§ **To do**: Repeat each entry as written and leave the images out of the copy.

** Opening Extracted entries block **

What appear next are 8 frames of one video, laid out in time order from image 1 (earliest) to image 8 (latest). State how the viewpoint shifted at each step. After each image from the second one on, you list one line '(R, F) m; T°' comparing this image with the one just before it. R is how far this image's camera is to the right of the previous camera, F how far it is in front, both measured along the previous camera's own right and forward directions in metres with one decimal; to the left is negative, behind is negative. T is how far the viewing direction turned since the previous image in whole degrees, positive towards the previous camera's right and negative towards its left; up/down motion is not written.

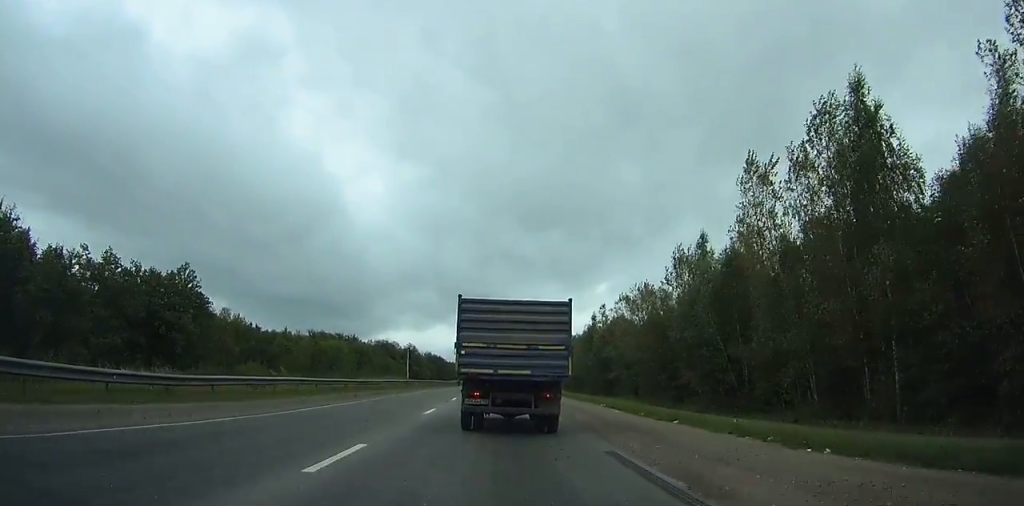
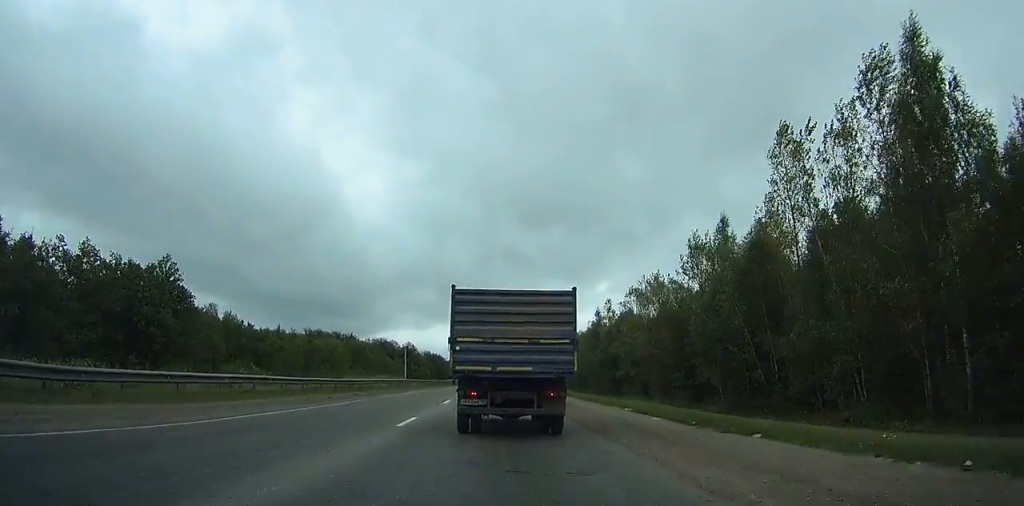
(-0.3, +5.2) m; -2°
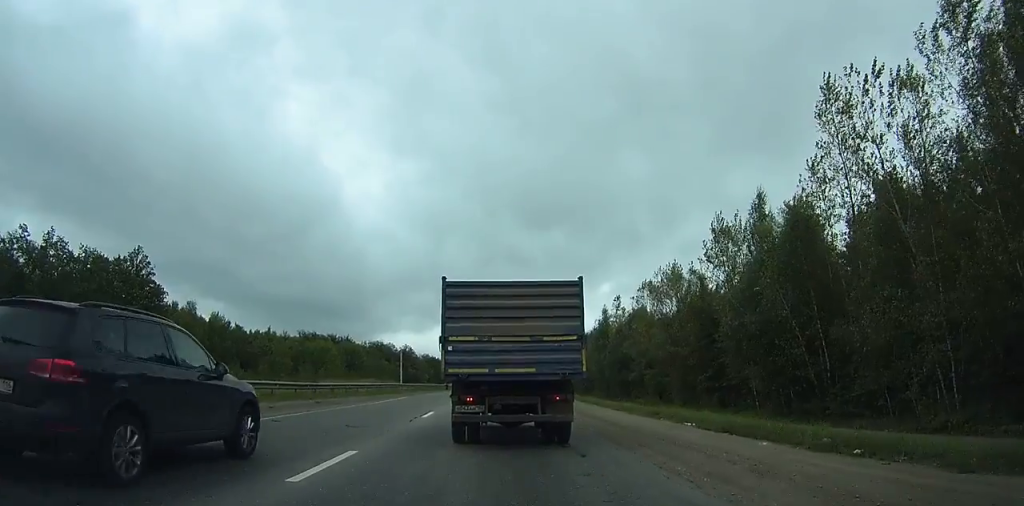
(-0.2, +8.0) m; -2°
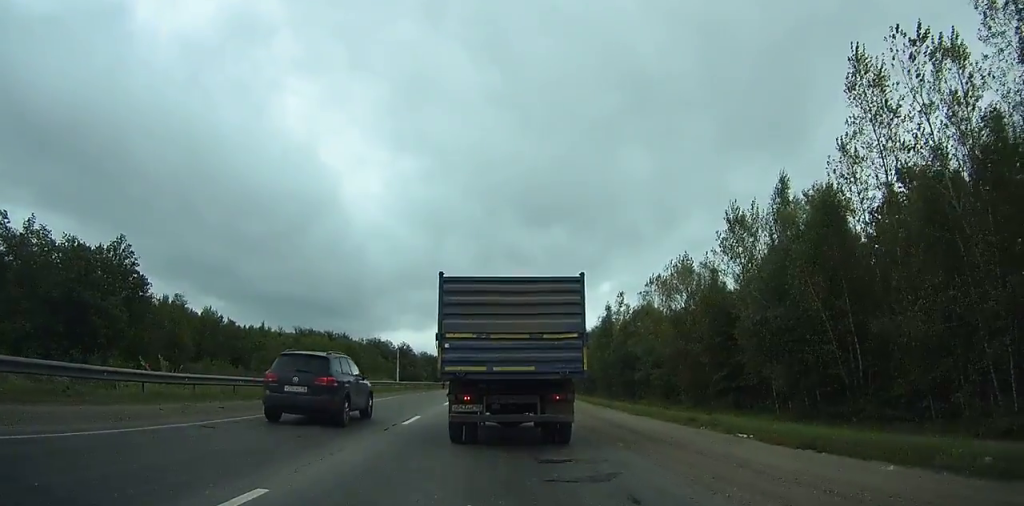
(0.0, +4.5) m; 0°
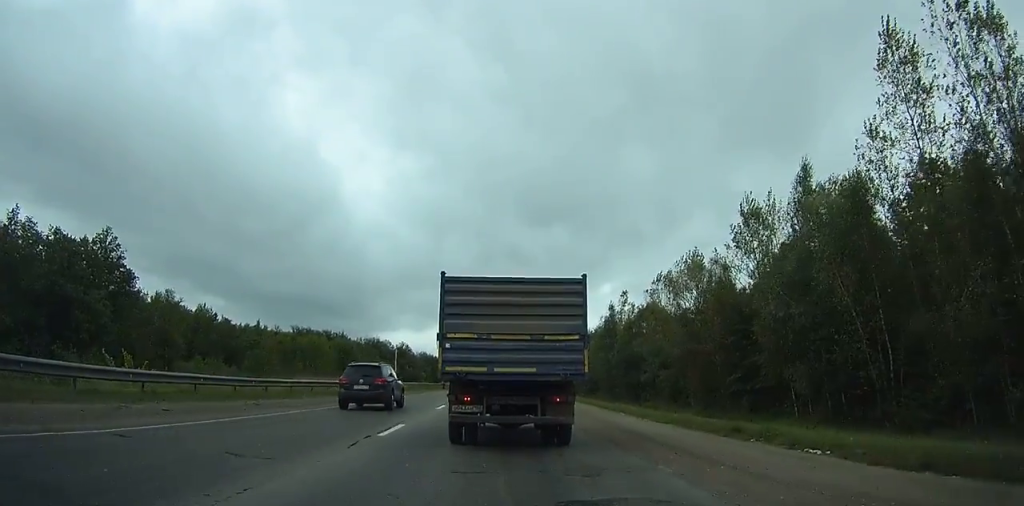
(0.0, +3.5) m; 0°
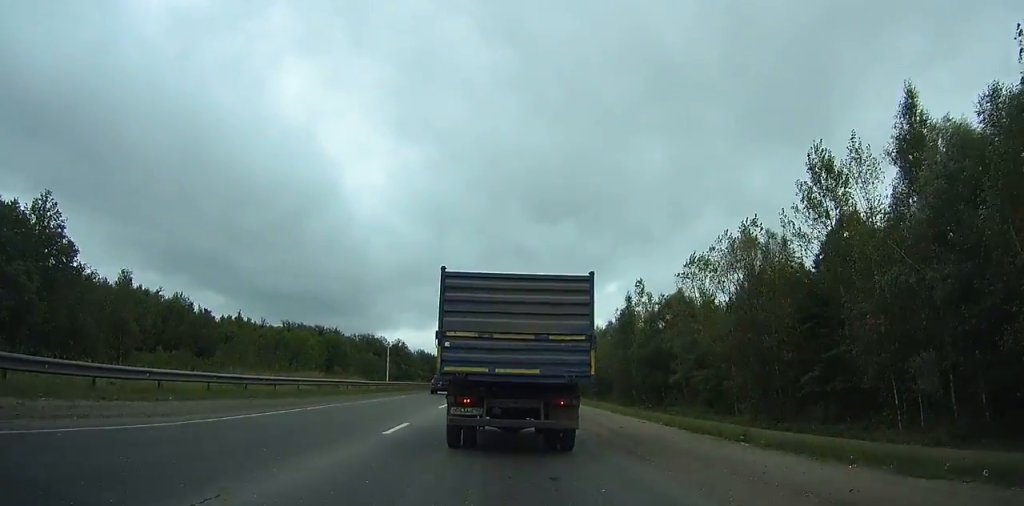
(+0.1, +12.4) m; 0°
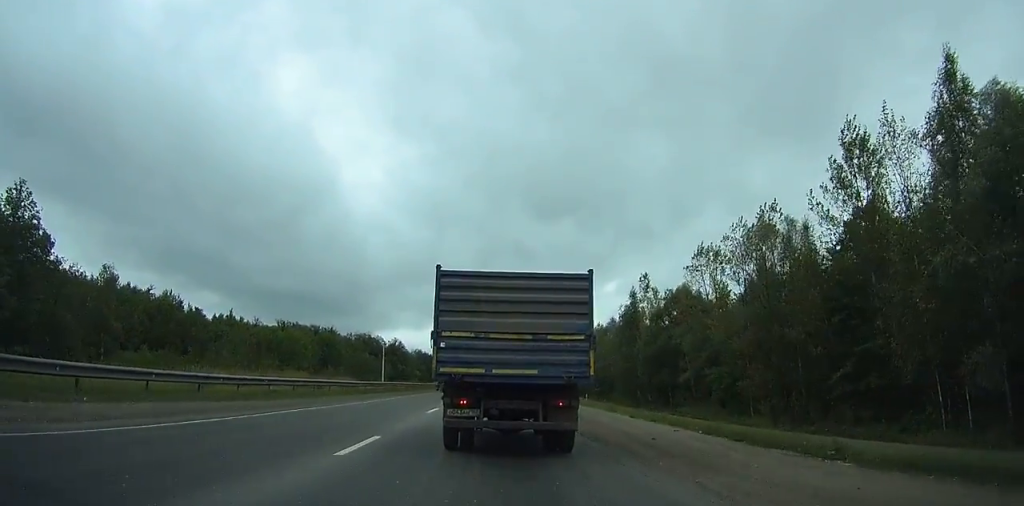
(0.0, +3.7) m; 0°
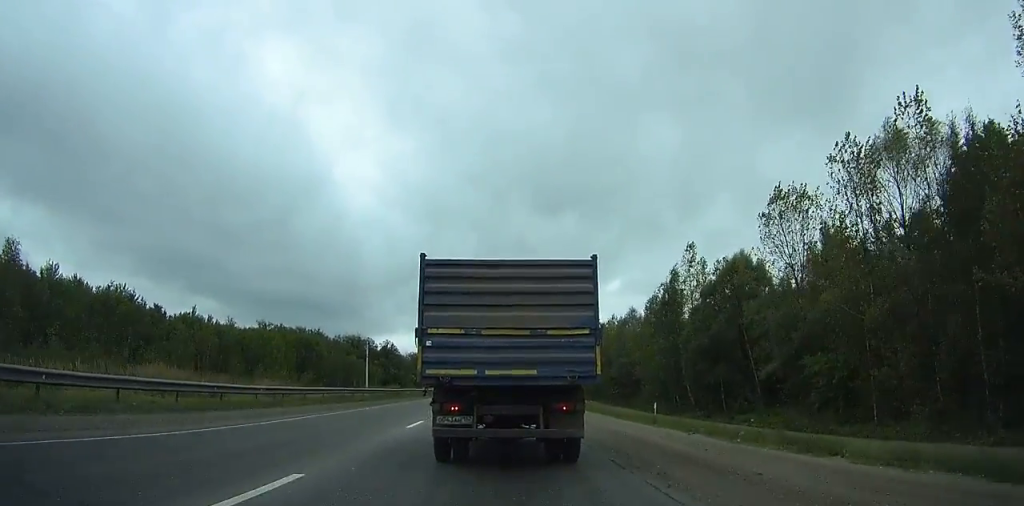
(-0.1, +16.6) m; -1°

** Closing Extracted entries block **

§ **Response box**:
What appear next are 8 frames of one video, laid out in time order from image 1 (earliest) to image 8 (latest). State how the viewpoint shifted at each step. After each image from the second one on, you list one line '(R, F) m; T°' comparing this image with the one just before it. R is how far this image's camera is to the right of the previous camera, F how far it is in front, both measured along the previous camera's own right and forward directions in metres with one decimal; to the left is negative, behind is negative. T is how far the viewing direction turned since the previous image in whole degrees, positive towards the previous camera's right and negative towards its left; up/down motion is not written.

(-0.3, +5.2) m; -2°
(-0.2, +8.0) m; -2°
(0.0, +4.5) m; 0°
(0.0, +3.5) m; 0°
(+0.1, +12.4) m; 0°
(0.0, +3.7) m; 0°
(-0.1, +16.6) m; -1°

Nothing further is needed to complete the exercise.